Ahead of this front, a south-to-southwesterly flow of air will pump temperatures and humidity levels once again from the Midwest to the East from later Tuesday to Wednesday.

As has been the case with the heat wave in recent days, the biggest spike in temperature and humidity levels will be in the East, rather than the Midwest. Temperatures will peak within a few degrees of 100 from eastern Virginia to Maryland, Delaware, southeastern Pennsylvania and New Jersey on Wednesday.

But, in the wake of the front, temperatures will be slashed by 10-15 degrees by Thursday from the Great Lakes to the mid-Atlantic and New England.

This second batch of cool air will produce highs in the 70s around the Great Lakes and central Appalachians to the 80s in the Ohio Valley and along the mid-Atlantic and New England coasts. A further dip in temperature will continue in the Northeast on Friday.

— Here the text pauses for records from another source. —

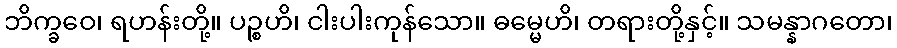
ဘိက္ခဝေ၊ ရဟန်းတို့။ ပဉ္စဟိ၊ ငါးပါးကုန်သော။ ဓမ္မေဟိ၊ တရားတို့နှင့်။ သမန္နာဂတော၊
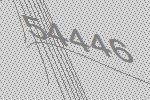
54446
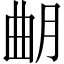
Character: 𣌴
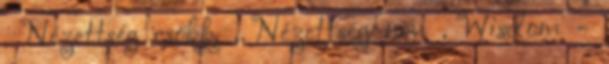
, Nézettség csökk. , Nézettség növ. , Wisdom -
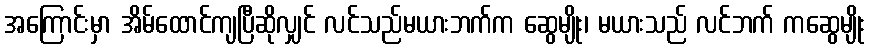
အကြောင်းမှာ အိမ်ထောင်ကျပြီဆိုလျှင် လင်သည်မယားဘက်က ဆွေမျိုး၊ မယားသည် လင်ဘက် ကဆွေမျိုး
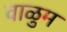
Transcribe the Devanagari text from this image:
वाळुम
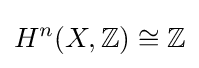
H^{n}(X,\mathbb {Z} )\cong \mathbb {Z}
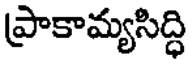
ప్రాకామ్యసిద్ధి
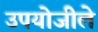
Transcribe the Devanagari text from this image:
उपयोजीले
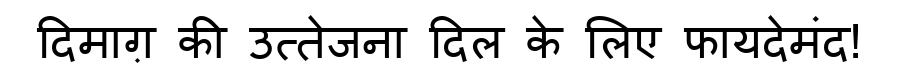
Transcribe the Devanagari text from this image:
दिमाग़ की उत्तेजना दिल के लिए फायदेमंद!
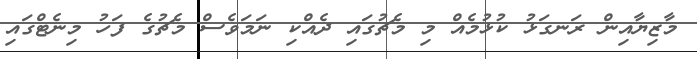
މާޒިޔާއިން ރަނގަޅު ކުޅުމެއް މި މެޗުގައި ދެއްކި ނަމަވެސް މެޗުގެ ފަހު މިނެޓްގައި
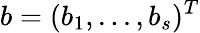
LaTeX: b=(b_{1},...,b_{s})^{T}
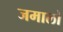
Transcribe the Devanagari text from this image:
जमालो
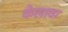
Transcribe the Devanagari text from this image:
केलावा
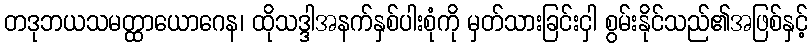
တဒုဘယသမတ္ထာယောဂေန၊ ထိုသဒ္ဒါအနက်နှစ်ပါးစုံကို မှတ်သားခြင်းငှါ စွမ်းနိုင်သည်၏အဖြစ်နှင့်
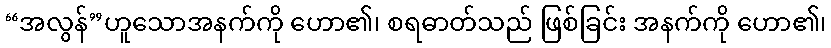
“အလွန်”ဟူသောအနက်ကို ဟော၏၊ စရဓာတ်သည် ဖြစ်ခြင်း အနက်ကို ဟော၏၊
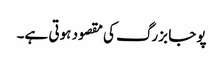
پوجا بزرگ کی مقصود ہوتی ہے۔
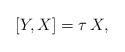
LaTeX: \begin{align*}[Y,X]=\tau \, X,\end{align*}
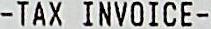
-TAX INVOICE-
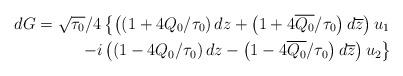
LaTeX: \begin{align*}dG=\sqrt{\tau_0}/4\left\{\left(\left(1+4Q_0/\tau_0\right)dz+\left(1+4\overline{Q_0}/\tau_0\right)d\overline{z}\right)u_1\right.\\\left.-i\left(\left(1-4Q_0/\tau_0\right)dz-\left(1-4\overline{Q_0}/\tau_0\right)d\overline{z}\right)u_2\right\}\end{align*}
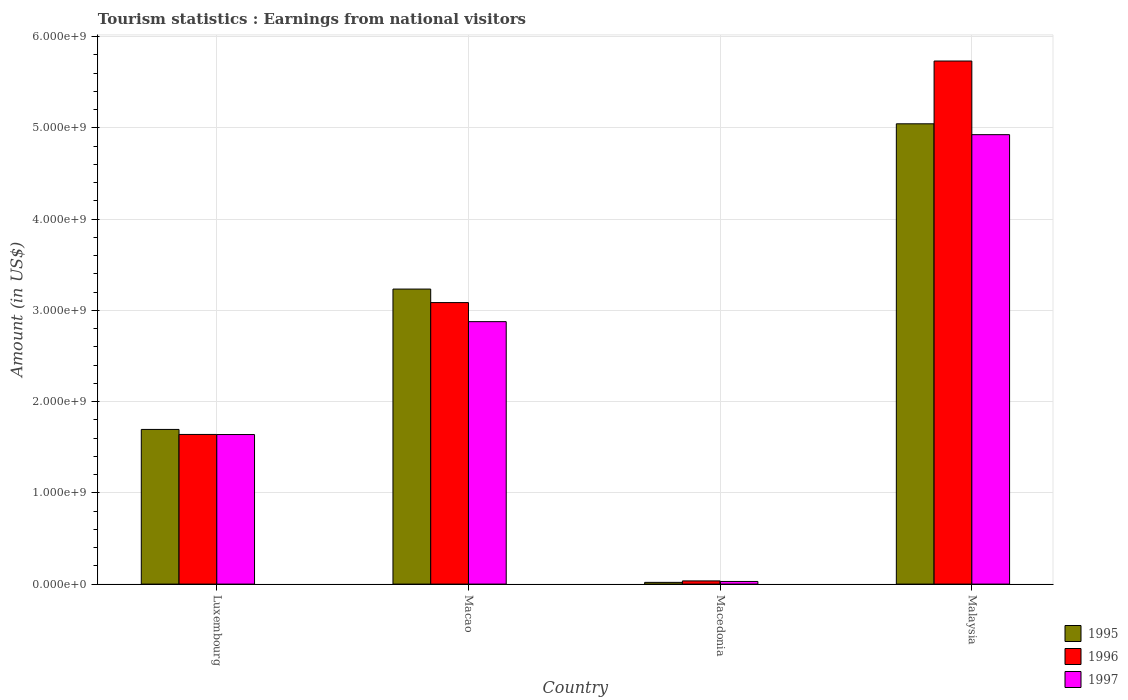
| Country | 1995 | 1996 | 1997 |
 | --- | --- | --- | --- |
 | Luxembourg | 1.7e+09 | 1.64e+09 | 1.64e+09 |
 | Macao | 3.23e+09 | 3.08e+09 | 2.88e+09 |
 | Macedonia | 1.9e+07 | 3.5e+07 | 2.9e+07 |
 | Malaysia | 5.04e+09 | 5.73e+09 | 4.92e+09 |
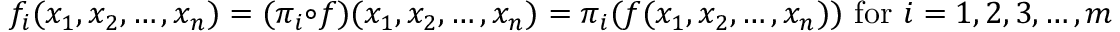
f _ { i } ( x _ { 1 } , x _ { 2 } , \ldots , x _ { n } ) = ( \pi _ { i } \circ f ) ( x _ { 1 } , x _ { 2 } , \ldots , x _ { n } ) = \pi _ { i } ( f ( x _ { 1 } , x _ { 2 } , \ldots , x _ { n } ) ) { \mathrm { ~ f o r ~ } } i = 1 , 2 , 3 , \ldots , m
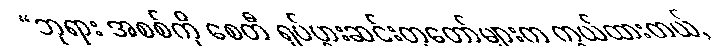
“ဘုရား အစစ်ကို စေတီ ရုပ်ပွားဆင်းတုတော်များက ကွယ်ထားတယ်,
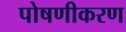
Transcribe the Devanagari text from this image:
पोषणीकरण
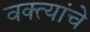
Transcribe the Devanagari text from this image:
वक्त्यांचे
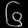
Digit: ၆
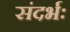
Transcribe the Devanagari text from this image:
संदर्भः

The change from the oppressive heat and humidity will seem refreshing for millions and some folks from the Great Lakes to the Northeast may be able to shut off the air conditioners and open the windows for a time. But, even over the interior Southeast, a drop in humidity levels can make for comfortable conditions for outdoor plans during the evening and morning hours.

Despite the waves of cooler and less humid air from the Midwest to the Northeast in the coming days, temperatures should not get low enough to inhibit outdoor warm weather activity, such as swimming and ball games. The transition, however, may spark a round of heavy, gusty and locally severe thunderstorms. Similar situations in the past have triggered damaging wind and flash flooding events.

Additional cool fronts are forecast to slice from the Upper Midwest to the Northeast states in early July. While their influence may not be as pronounced as that of the front late this week, it should keep excessive heat limited to a day or so before another slash occurs.

Heat will build over the Western and Central states into July and may attempt to surge back into the Northeast around Independence Day.